YOUR INSTRUCTIONS :: Look through the lines below and extract any with the word "records".

Stored entries:
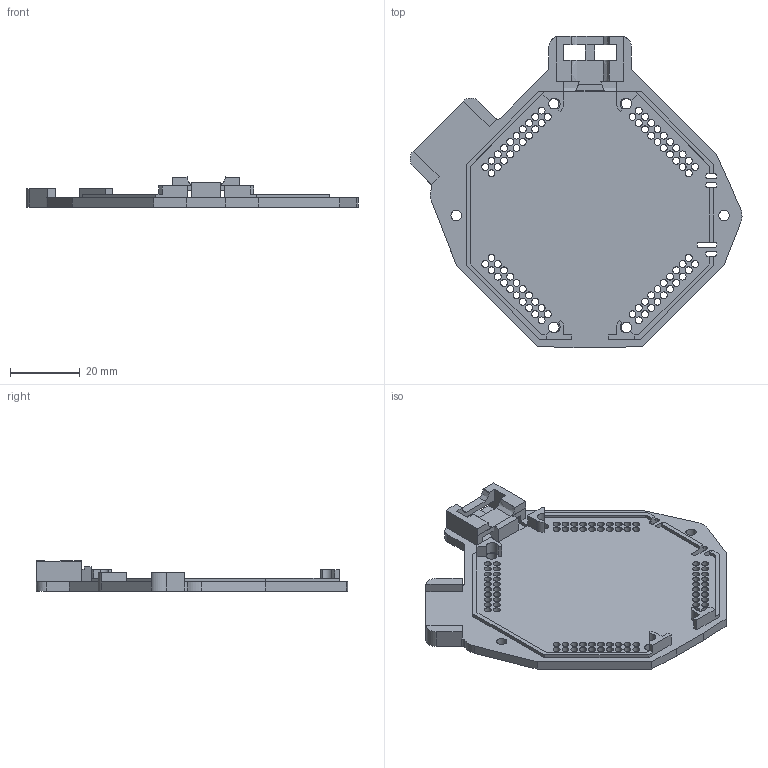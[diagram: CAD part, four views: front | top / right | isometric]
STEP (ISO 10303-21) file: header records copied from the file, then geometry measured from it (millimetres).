
FILE_DESCRIPTION(/* description */ (''),/* implementation_level */ '2;1');
FILE_NAME(/* name */ 'Housing cover v1.step',/* time_stamp */ '2023-03-22T15:39:49-05:00',/* author */ (''),/* organization */ (''),/* preprocessor_version */ 'ST-DEVELOPER v19.2',/* originating_system */ 'Autodesk Translation Framework v11.17.0.187',/* authorisation */ '');
FILE_SCHEMA (('AUTOMOTIVE_DESIGN { 1 0 10303 214 3 1 1 }'));
Length unit declared in the file: millimetre
Products named in the file (1): Housing cover
Bounding box: 95.31 x 89.49 x 8.62 mm (x, y, z)
Volume: 14726.9 mm3; surface area: 14471.3 mm2
Topology: 1 solids, 1 shells, 456 faces, 1265 edges, 838 vertices
Faces by surface type: cylinder 266, plane 186, bspline 4
Full cylindrical faces by diameter (mm): 2 x80, 3 x6
Entity records: 15308 total; most frequent: CARTESIAN_POINT 2704, DIRECTION 2694, ORIENTED_EDGE 2530, EDGE_CURVE 1265, AXIS2_PLACEMENT_3D 988, VERTEX_POINT 838, LINE 718, VECTOR 718
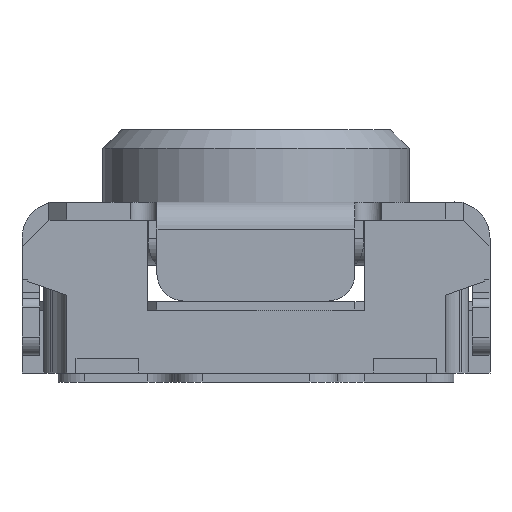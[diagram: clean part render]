
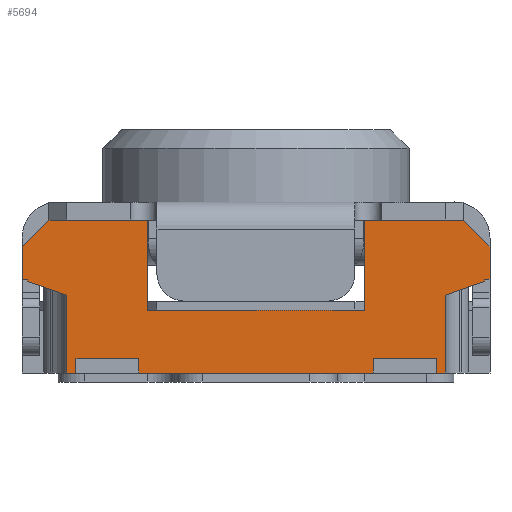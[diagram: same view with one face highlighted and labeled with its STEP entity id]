
A CAD part, left-side view. The second image highlights one B-rep face of the part: STEP entity #5694.
In plain terms, the highlighted planar face has unit normal (-1, 0, 0).
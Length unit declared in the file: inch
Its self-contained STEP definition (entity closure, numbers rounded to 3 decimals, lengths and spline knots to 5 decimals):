
#319=FACE_OUTER_BOUND('',#622,.T.);
#622=EDGE_LOOP('',(#4058,#4059,#4060,#4061,#4062,#4063,#4064,#4065,#4066,
#4067,#4068,#4069,#4070,#4071,#4072,#4073,#4074,#4075,#4076,#4077,#4078,
#4079,#4080,#4081,#4082,#4083));
#910=LINE('',#8121,#1595);
#913=LINE('',#8126,#1598);
#939=LINE('',#8191,#1624);
#989=LINE('',#8337,#1674);
#1132=LINE('',#8701,#1817);
#1133=LINE('',#8703,#1818);
#1134=LINE('',#8704,#1819);
#1135=LINE('',#8706,#1820);
#1136=LINE('',#8708,#1821);
#1137=LINE('',#8709,#1822);
#1138=LINE('',#8711,#1823);
#1139=LINE('',#8713,#1824);
#1140=LINE('',#8715,#1825);
#1141=LINE('',#8717,#1826);
#1142=LINE('',#8719,#1827);
#1143=LINE('',#8721,#1828);
#1144=LINE('',#8723,#1829);
#1145=LINE('',#8724,#1830);
#1146=LINE('',#8726,#1831);
#1147=LINE('',#8728,#1832);
#1148=LINE('',#8730,#1833);
#1149=LINE('',#8732,#1834);
#1150=LINE('',#8734,#1835);
#1151=LINE('',#8736,#1836);
#1152=LINE('',#8738,#1837);
#1153=LINE('',#8739,#1838);
#1595=VECTOR('',#6481,0.05118);
#1598=VECTOR('',#6484,0.00197);
#1624=VECTOR('',#6526,0.00197);
#1674=VECTOR('',#6634,0.04724);
#1817=VECTOR('',#6875,0.00315);
#1818=VECTOR('',#6876,0.01378);
#1819=VECTOR('',#6877,0.00315);
#1820=VECTOR('',#6878,0.00315);
#1821=VECTOR('',#6879,0.01378);
#1822=VECTOR('',#6880,0.00315);
#1823=VECTOR('',#6881,0.01703);
#1824=VECTOR('',#6882,0.00918);
#1825=VECTOR('',#6883,0.00041);
#1826=VECTOR('',#6884,0.00118);
#1827=VECTOR('',#6885,0.00709);
#1828=VECTOR('',#6886,0.00835);
#1829=VECTOR('',#6887,0.02165);
#1830=VECTOR('',#6888,0.01969);
#1831=VECTOR('',#6889,0.01969);
#1832=VECTOR('',#6890,0.02165);
#1833=VECTOR('',#6891,0.00835);
#1834=VECTOR('',#6892,0.00709);
#1835=VECTOR('',#6893,0.00118);
#1836=VECTOR('',#6894,0.00041);
#1837=VECTOR('',#6895,0.00918);
#1838=VECTOR('',#6896,0.01703);
#2278=VERTEX_POINT('',#8116);
#2279=VERTEX_POINT('',#8118);
#2280=VERTEX_POINT('',#8120);
#2281=VERTEX_POINT('',#8123);
#2282=VERTEX_POINT('',#8125);
#2313=VERTEX_POINT('',#8189);
#2379=VERTEX_POINT('',#8334);
#2380=VERTEX_POINT('',#8336);
#2520=VERTEX_POINT('',#8700);
#2521=VERTEX_POINT('',#8702);
#2522=VERTEX_POINT('',#8705);
#2523=VERTEX_POINT('',#8707);
#2524=VERTEX_POINT('',#8710);
#2525=VERTEX_POINT('',#8712);
#2526=VERTEX_POINT('',#8714);
#2527=VERTEX_POINT('',#8716);
#2528=VERTEX_POINT('',#8718);
#2529=VERTEX_POINT('',#8720);
#2530=VERTEX_POINT('',#8722);
#2531=VERTEX_POINT('',#8725);
#2532=VERTEX_POINT('',#8727);
#2533=VERTEX_POINT('',#8729);
#2534=VERTEX_POINT('',#8731);
#2535=VERTEX_POINT('',#8733);
#2536=VERTEX_POINT('',#8735);
#2537=VERTEX_POINT('',#8737);
#2845=EDGE_CURVE('',#2279,#2280,#910,.T.);
#2848=EDGE_CURVE('',#2281,#2282,#913,.T.);
#2882=EDGE_CURVE('',#2313,#2278,#939,.T.);
#2954=EDGE_CURVE('',#2380,#2379,#989,.T.);
#3126=EDGE_CURVE('',#2281,#2520,#1132,.T.);
#3127=EDGE_CURVE('',#2520,#2521,#1133,.T.);
#3128=EDGE_CURVE('',#2521,#2280,#1134,.T.);
#3129=EDGE_CURVE('',#2279,#2522,#1135,.T.);
#3130=EDGE_CURVE('',#2522,#2523,#1136,.T.);
#3131=EDGE_CURVE('',#2523,#2278,#1137,.T.);
#3132=EDGE_CURVE('',#2313,#2524,#1138,.T.);
#3133=EDGE_CURVE('',#2525,#2524,#1139,.T.);
#3134=EDGE_CURVE('',#2525,#2526,#1140,.T.);
#3135=EDGE_CURVE('',#2526,#2527,#1141,.T.);
#3136=EDGE_CURVE('',#2527,#2528,#1142,.T.);
#3137=EDGE_CURVE('',#2529,#2528,#1143,.T.);
#3138=EDGE_CURVE('',#2529,#2530,#1144,.T.);
#3139=EDGE_CURVE('',#2530,#2380,#1145,.T.);
#3140=EDGE_CURVE('',#2379,#2531,#1146,.T.);
#3141=EDGE_CURVE('',#2531,#2532,#1147,.T.);
#3142=EDGE_CURVE('',#2533,#2532,#1148,.T.);
#3143=EDGE_CURVE('',#2533,#2534,#1149,.T.);
#3144=EDGE_CURVE('',#2534,#2535,#1150,.T.);
#3145=EDGE_CURVE('',#2535,#2536,#1151,.T.);
#3146=EDGE_CURVE('',#2537,#2536,#1152,.T.);
#3147=EDGE_CURVE('',#2537,#2282,#1153,.T.);
#4058=ORIENTED_EDGE('',*,*,#3126,.T.);
#4059=ORIENTED_EDGE('',*,*,#3127,.T.);
#4060=ORIENTED_EDGE('',*,*,#3128,.T.);
#4061=ORIENTED_EDGE('',*,*,#2845,.F.);
#4062=ORIENTED_EDGE('',*,*,#3129,.T.);
#4063=ORIENTED_EDGE('',*,*,#3130,.T.);
#4064=ORIENTED_EDGE('',*,*,#3131,.T.);
#4065=ORIENTED_EDGE('',*,*,#2882,.F.);
#4066=ORIENTED_EDGE('',*,*,#3132,.T.);
#4067=ORIENTED_EDGE('',*,*,#3133,.F.);
#4068=ORIENTED_EDGE('',*,*,#3134,.T.);
#4069=ORIENTED_EDGE('',*,*,#3135,.T.);
#4070=ORIENTED_EDGE('',*,*,#3136,.T.);
#4071=ORIENTED_EDGE('',*,*,#3137,.F.);
#4072=ORIENTED_EDGE('',*,*,#3138,.T.);
#4073=ORIENTED_EDGE('',*,*,#3139,.T.);
#4074=ORIENTED_EDGE('',*,*,#2954,.T.);
#4075=ORIENTED_EDGE('',*,*,#3140,.T.);
#4076=ORIENTED_EDGE('',*,*,#3141,.T.);
#4077=ORIENTED_EDGE('',*,*,#3142,.F.);
#4078=ORIENTED_EDGE('',*,*,#3143,.T.);
#4079=ORIENTED_EDGE('',*,*,#3144,.T.);
#4080=ORIENTED_EDGE('',*,*,#3145,.T.);
#4081=ORIENTED_EDGE('',*,*,#3146,.F.);
#4082=ORIENTED_EDGE('',*,*,#3147,.T.);
#4083=ORIENTED_EDGE('',*,*,#2848,.F.);
#5471=PLANE('',#6071);
#5694=ADVANCED_FACE('',(#319),#5471,.T.);
#6071=AXIS2_PLACEMENT_3D('',#8699,#6873,#6874);
#6481=DIRECTION('',(0.,1.,0.));
#6484=DIRECTION('',(0.,1.,0.));
#6526=DIRECTION('',(0.,1.,0.));
#6634=DIRECTION('',(0.,1.,0.));
#6873=DIRECTION('center_axis',(-1.,0.,0.));
#6874=DIRECTION('ref_axis',(0.,-1.,0.));
#6875=DIRECTION('',(0.,0.,1.));
#6876=DIRECTION('',(0.,-1.,0.));
#6877=DIRECTION('',(0.,0.,-1.));
#6878=DIRECTION('',(0.,0.,1.));
#6879=DIRECTION('',(0.,-1.,0.));
#6880=DIRECTION('',(0.,0.,-1.));
#6881=DIRECTION('',(0.,0.,1.));
#6882=DIRECTION('',(0.,0.944,-0.33));
#6883=DIRECTION('',(0.,0.,1.));
#6884=DIRECTION('',(0.,-1.,0.));
#6885=DIRECTION('',(0.,0.,1.));
#6886=DIRECTION('',(0.,-0.707,-0.707));
#6887=DIRECTION('',(0.,1.,0.));
#6888=DIRECTION('',(0.,0.,-1.));
#6889=DIRECTION('',(0.,0.,1.));
#6890=DIRECTION('',(0.,1.,0.));
#6891=DIRECTION('',(0.,-0.707,0.707));
#6892=DIRECTION('',(0.,0.,-1.));
#6893=DIRECTION('',(0.,-1.,0.));
#6894=DIRECTION('',(0.,0.,-1.));
#6895=DIRECTION('',(0.,0.944,0.33));
#6896=DIRECTION('',(0.,0.,-1.));
#8116=CARTESIAN_POINT('',(-0.06004,-0.03937,0.));
#8118=CARTESIAN_POINT('',(-0.06004,-0.02559,0.));
#8120=CARTESIAN_POINT('',(-0.06004,0.02559,0.));
#8121=CARTESIAN_POINT('',(-0.06004,-0.02559,0.));
#8123=CARTESIAN_POINT('',(-0.06004,0.03937,0.));
#8125=CARTESIAN_POINT('',(-0.06004,0.04134,0.));
#8126=CARTESIAN_POINT('',(-0.06004,0.03937,0.));
#8189=CARTESIAN_POINT('',(-0.06004,-0.04134,0.));
#8191=CARTESIAN_POINT('',(-0.06004,-0.04134,0.));
#8334=CARTESIAN_POINT('',(-0.06004,0.02362,0.01378));
#8336=CARTESIAN_POINT('',(-0.06004,-0.02362,0.01378));
#8337=CARTESIAN_POINT('',(-0.06004,-0.02362,0.01378));
#8699=CARTESIAN_POINT('Origin',(-0.06004,0.,0.01673));
#8700=CARTESIAN_POINT('',(-0.06004,0.03937,0.00315));
#8701=CARTESIAN_POINT('',(-0.06004,0.03937,0.));
#8702=CARTESIAN_POINT('',(-0.06004,0.02559,0.00315));
#8703=CARTESIAN_POINT('',(-0.06004,0.03937,0.00315));
#8704=CARTESIAN_POINT('',(-0.06004,0.02559,0.00315));
#8705=CARTESIAN_POINT('',(-0.06004,-0.02559,0.00315));
#8706=CARTESIAN_POINT('',(-0.06004,-0.02559,0.));
#8707=CARTESIAN_POINT('',(-0.06004,-0.03937,0.00315));
#8708=CARTESIAN_POINT('',(-0.06004,-0.02559,0.00315));
#8709=CARTESIAN_POINT('',(-0.06004,-0.03937,0.00315));
#8710=CARTESIAN_POINT('',(-0.06004,-0.04134,0.01703));
#8711=CARTESIAN_POINT('',(-0.06004,-0.04134,0.));
#8712=CARTESIAN_POINT('',(-0.06004,-0.05,0.02006));
#8713=CARTESIAN_POINT('',(-0.06004,-0.05,0.02006));
#8714=CARTESIAN_POINT('',(-0.06004,-0.05,0.02047));
#8715=CARTESIAN_POINT('',(-0.06004,-0.05,0.02006));
#8716=CARTESIAN_POINT('',(-0.06004,-0.05118,0.02047));
#8717=CARTESIAN_POINT('',(-0.06004,-0.05,0.02047));
#8718=CARTESIAN_POINT('',(-0.06004,-0.05118,0.02756));
#8719=CARTESIAN_POINT('',(-0.06004,-0.05118,0.02047));
#8720=CARTESIAN_POINT('',(-0.06004,-0.04528,0.03346));
#8721=CARTESIAN_POINT('',(-0.06004,-0.04528,0.03346));
#8722=CARTESIAN_POINT('',(-0.06004,-0.02362,0.03346));
#8723=CARTESIAN_POINT('',(-0.06004,-0.04528,0.03346));
#8724=CARTESIAN_POINT('',(-0.06004,-0.02362,0.03346));
#8725=CARTESIAN_POINT('',(-0.06004,0.02362,0.03346));
#8726=CARTESIAN_POINT('',(-0.06004,0.02362,0.01378));
#8727=CARTESIAN_POINT('',(-0.06004,0.04528,0.03346));
#8728=CARTESIAN_POINT('',(-0.06004,0.02362,0.03346));
#8729=CARTESIAN_POINT('',(-0.06004,0.05118,0.02756));
#8730=CARTESIAN_POINT('',(-0.06004,0.05118,0.02756));
#8731=CARTESIAN_POINT('',(-0.06004,0.05118,0.02047));
#8732=CARTESIAN_POINT('',(-0.06004,0.05118,0.02756));
#8733=CARTESIAN_POINT('',(-0.06004,0.05,0.02047));
#8734=CARTESIAN_POINT('',(-0.06004,0.05118,0.02047));
#8735=CARTESIAN_POINT('',(-0.06004,0.05,0.02006));
#8736=CARTESIAN_POINT('',(-0.06004,0.05,0.02047));
#8737=CARTESIAN_POINT('',(-0.06004,0.04134,0.01703));
#8738=CARTESIAN_POINT('',(-0.06004,0.04134,0.01703));
#8739=CARTESIAN_POINT('',(-0.06004,0.04134,0.01703));

EXERCISE SOLUTION ::
STEP (ISO 10303-21) file: header records copied from the file, then geometry measured from it (millimetres).
Entity records: 15308 total; most frequent: CARTESIAN_POINT 2704, DIRECTION 2694, ORIENTED_EDGE 2530, EDGE_CURVE 1265, AXIS2_PLACEMENT_3D 988, VERTEX_POINT 838, LINE 718, VECTOR 718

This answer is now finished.